TD3: Goodness of Fit

Exercise 0: \(2\sigma\)-Game

For each distribution \(P\), compute an approximation of the \(2\sigma\) interval \([\mu - 2\sigma,\, \mu + 2\sigma]\) and indicate whether \(x_\mathrm{obs}\) falls inside or outside. For \(\chi^2\), \(t\), and \(F\), use the Gaussian approximation.

  • \(P = \mathcal{N}(3,\, 2^2)\), \(x_\mathrm{obs} = 8\)
  • \(P = \mathcal{N}(-5,\, 3^2)\), \(x_\mathrm{obs} = 0.5\)
  • \(P = \mathcal{P}(9)\), \(x_\mathrm{obs} = 16\)
  • \(P = \mathcal{P}(25)\), \(x_\mathrm{obs} = 18\)
  • \(P = \mathcal{E}(2)\), \(x_\mathrm{obs} = 0.6\)
  • \(P = \mathcal{E}(0.5)\), \(x_\mathrm{obs} = 3.5\)
  • \(P = \chi^2(10)\), \(x_\mathrm{obs} = 19\)
  • \(P = F(10,\, 30)\), \(x_\mathrm{obs} = 1.9\)

Exercise 1

We want to test if a die is biased. It is rolled \(1000\) times, and the number of occurrences for each face is recorded. The data is as follows:

1 2 3 4 5 6
Counts 159 168 167 160 175 171
  1. Formulate the hypothesis testing problem.
  2. Compute the expected counts under \(H_0\), give the degree of freedom \(d\) of the chi-squared test statistic and give the approximated p-value, using the cdf of \(\chi^2(d)\):

Exercise 2

In a survey of \(825\) families with \(3\) children, the number of boys was recorded:

\[ \begin{array}{|c|c|c|c|c|c|} \hline \text{Number of Boys} & 0 & 1 & 2 & 3 & \text{Total} \\ \hline \text{Number of Families} & 71 & 297 & 336 & 121 & 825 \\ \hline \end{array} \]

We assume under \(H_0\) that the genders of children in successive births within a family are independent categorical variables and that the probability \(p\) of having a boy remains constant.

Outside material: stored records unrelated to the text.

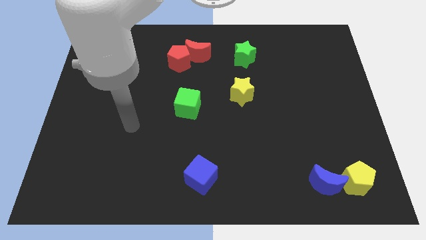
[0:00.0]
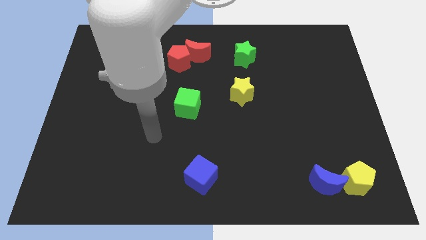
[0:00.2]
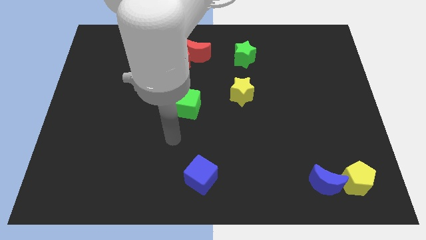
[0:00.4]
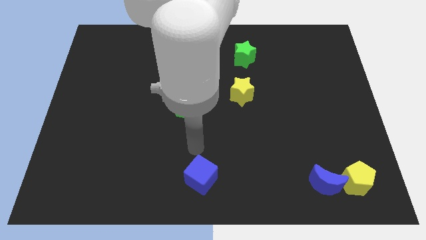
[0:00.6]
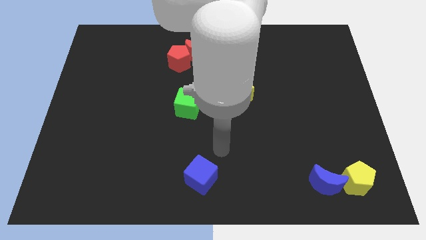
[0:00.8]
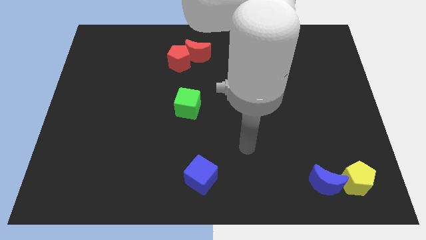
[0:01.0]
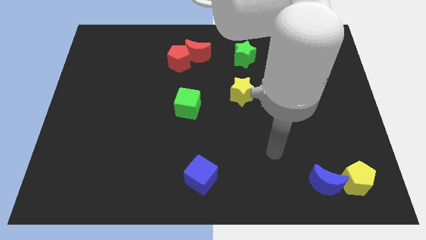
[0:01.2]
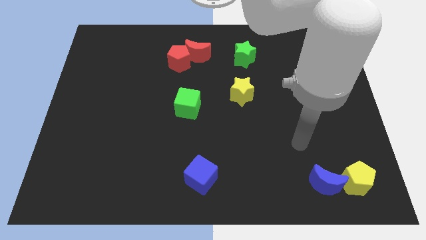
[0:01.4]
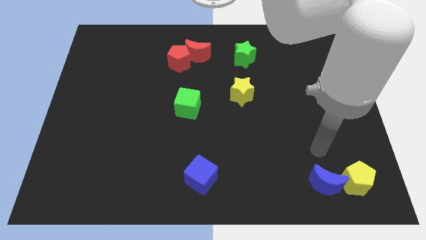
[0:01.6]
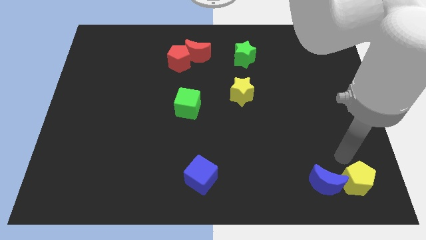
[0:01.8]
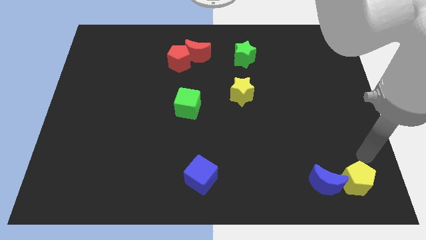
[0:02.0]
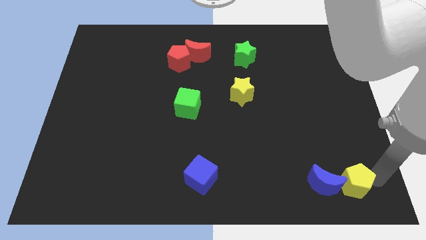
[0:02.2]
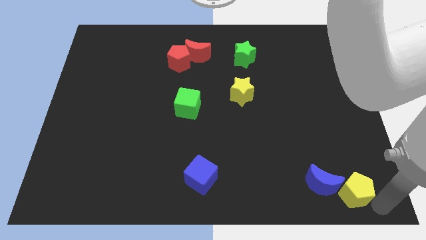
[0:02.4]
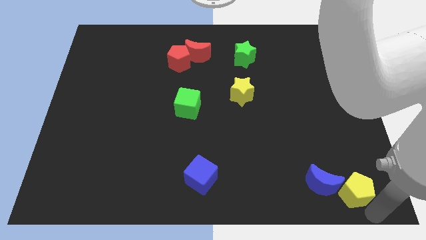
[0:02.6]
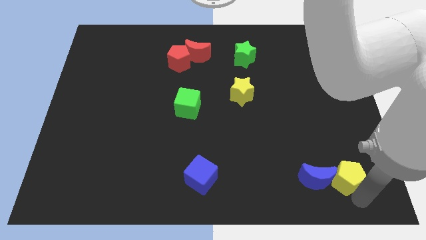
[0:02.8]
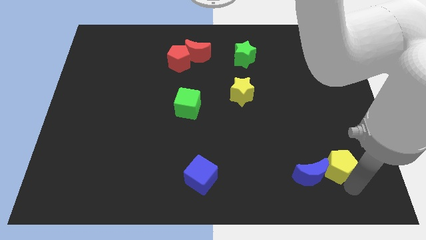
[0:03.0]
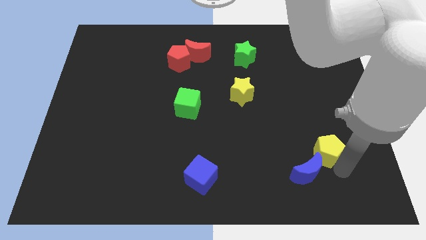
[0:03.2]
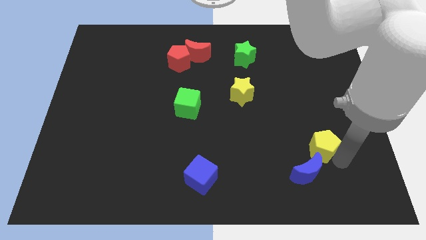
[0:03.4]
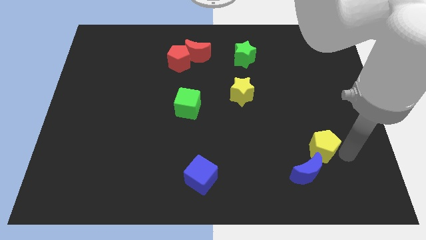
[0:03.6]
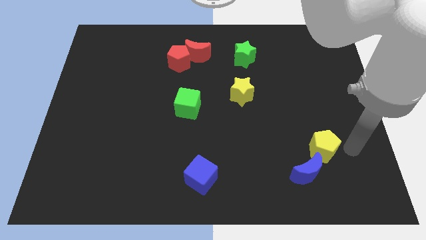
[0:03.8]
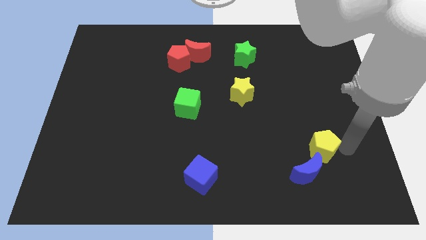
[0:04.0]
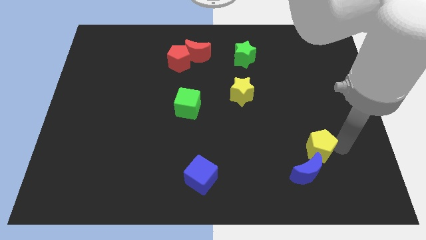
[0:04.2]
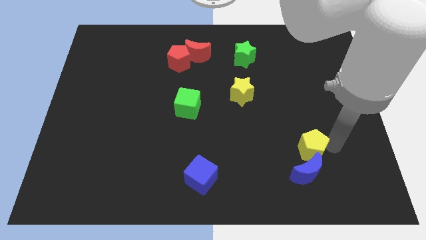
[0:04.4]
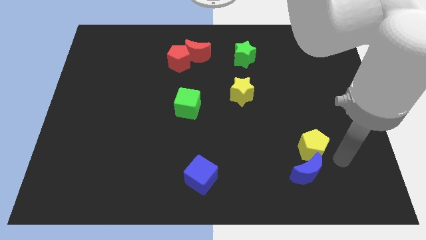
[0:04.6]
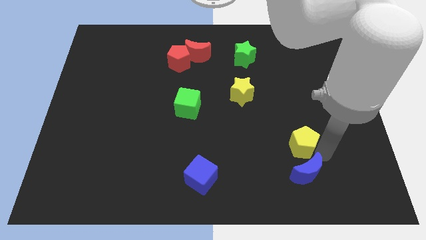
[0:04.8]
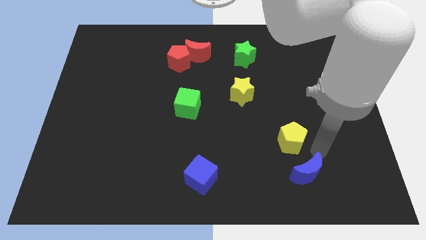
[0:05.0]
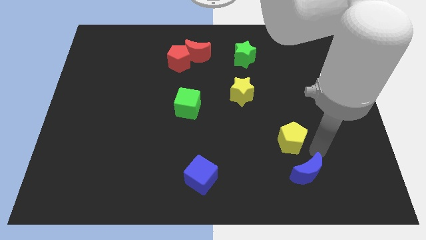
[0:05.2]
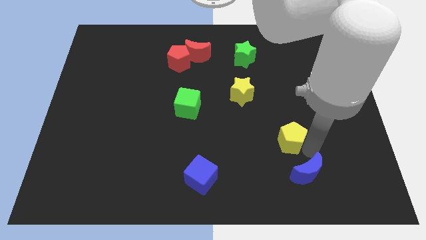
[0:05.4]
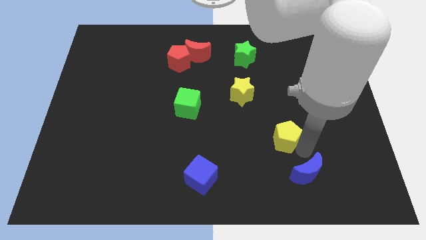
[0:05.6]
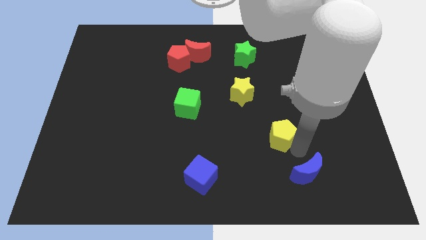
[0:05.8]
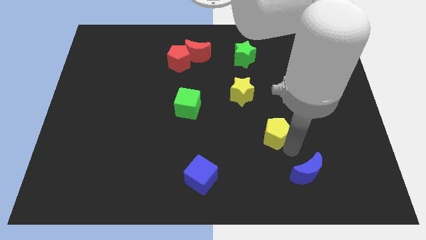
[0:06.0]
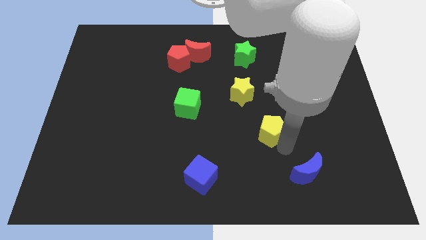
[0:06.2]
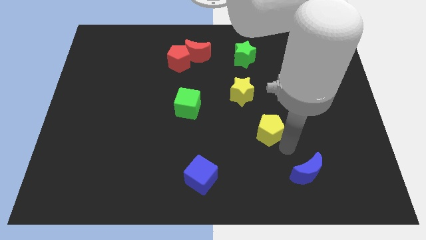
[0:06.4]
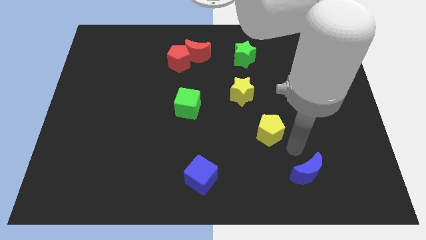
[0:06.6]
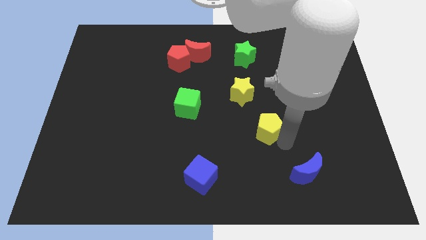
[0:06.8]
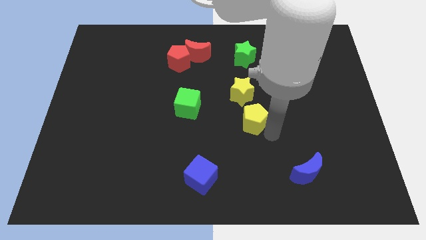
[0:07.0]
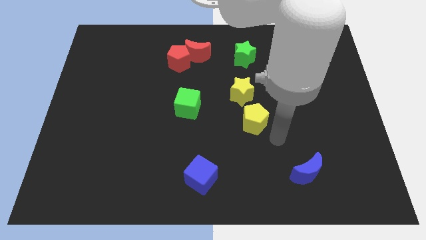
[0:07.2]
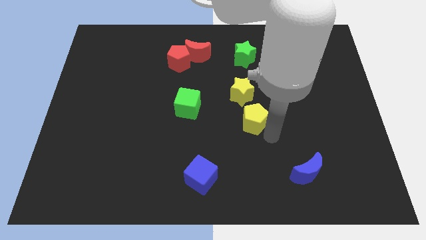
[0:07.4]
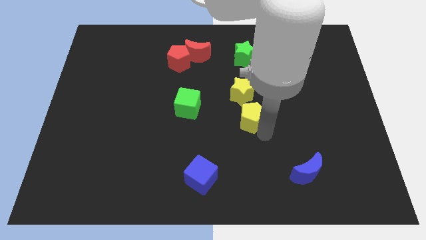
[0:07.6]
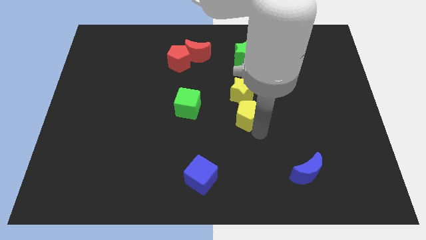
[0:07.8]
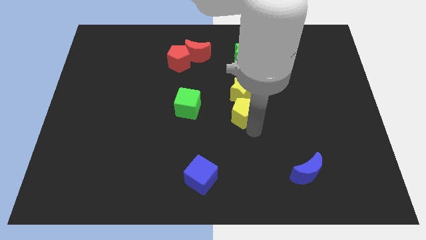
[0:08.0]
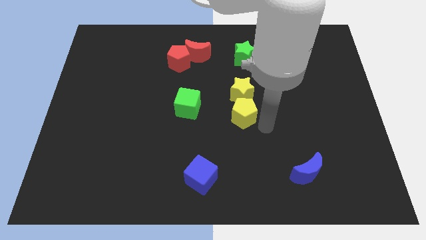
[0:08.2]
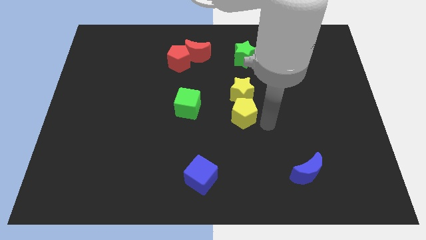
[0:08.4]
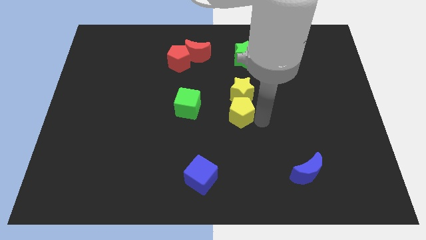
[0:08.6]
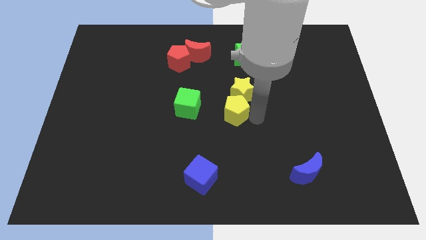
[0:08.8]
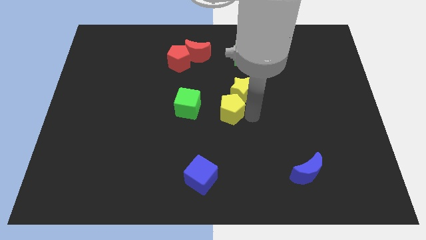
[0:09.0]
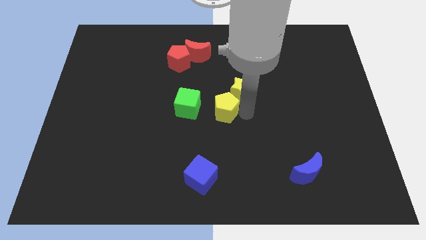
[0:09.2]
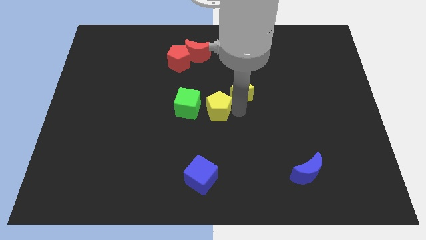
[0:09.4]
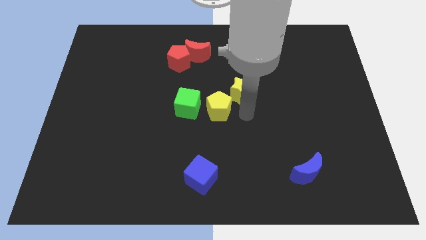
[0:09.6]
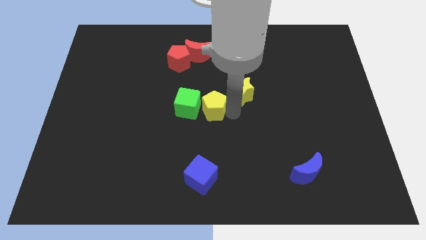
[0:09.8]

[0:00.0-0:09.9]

  1. Determine the distribution of the number of boys in a family with 3 children as a function of \(p\).
  2. Estimate \(p\) using a maximum likelihood estimator.
  3. Test the goodness of fit to the distribution obtained in question 1.

Exercise 3

We observe

X = [0, 1, 0, 0, 0, 0, 0, 0.5, 1, 1, 1, 0.7, 0.9, 1, 1, 1, 1, 0, 0.1, 0, 1]

We assume that the entries of \(X\) are iid of distribution \(P\).

We consider the following hypothesis testing problem:

\(H_0\): \(P = \mathcal{B}(0.5)\) (Bernoulli) \(\quad\) VS \(\quad\) \(H_1\): \(P \neq \mathcal{B}(0.5)\).

  1. Examine the data carefully. What can you say about the observations, the iid assumption, \(H_0\) and \(H_1\)?
  2. Draw on the same graph the CDF of a Bernoulli \(\mathcal{B}(0.5)\) and the empirical CDF of the observed data \(X\).
  3. Apply the Kolmogorov-Smirnov test at level \(0.1\). To do so, use this table.
  4. Comment on the result.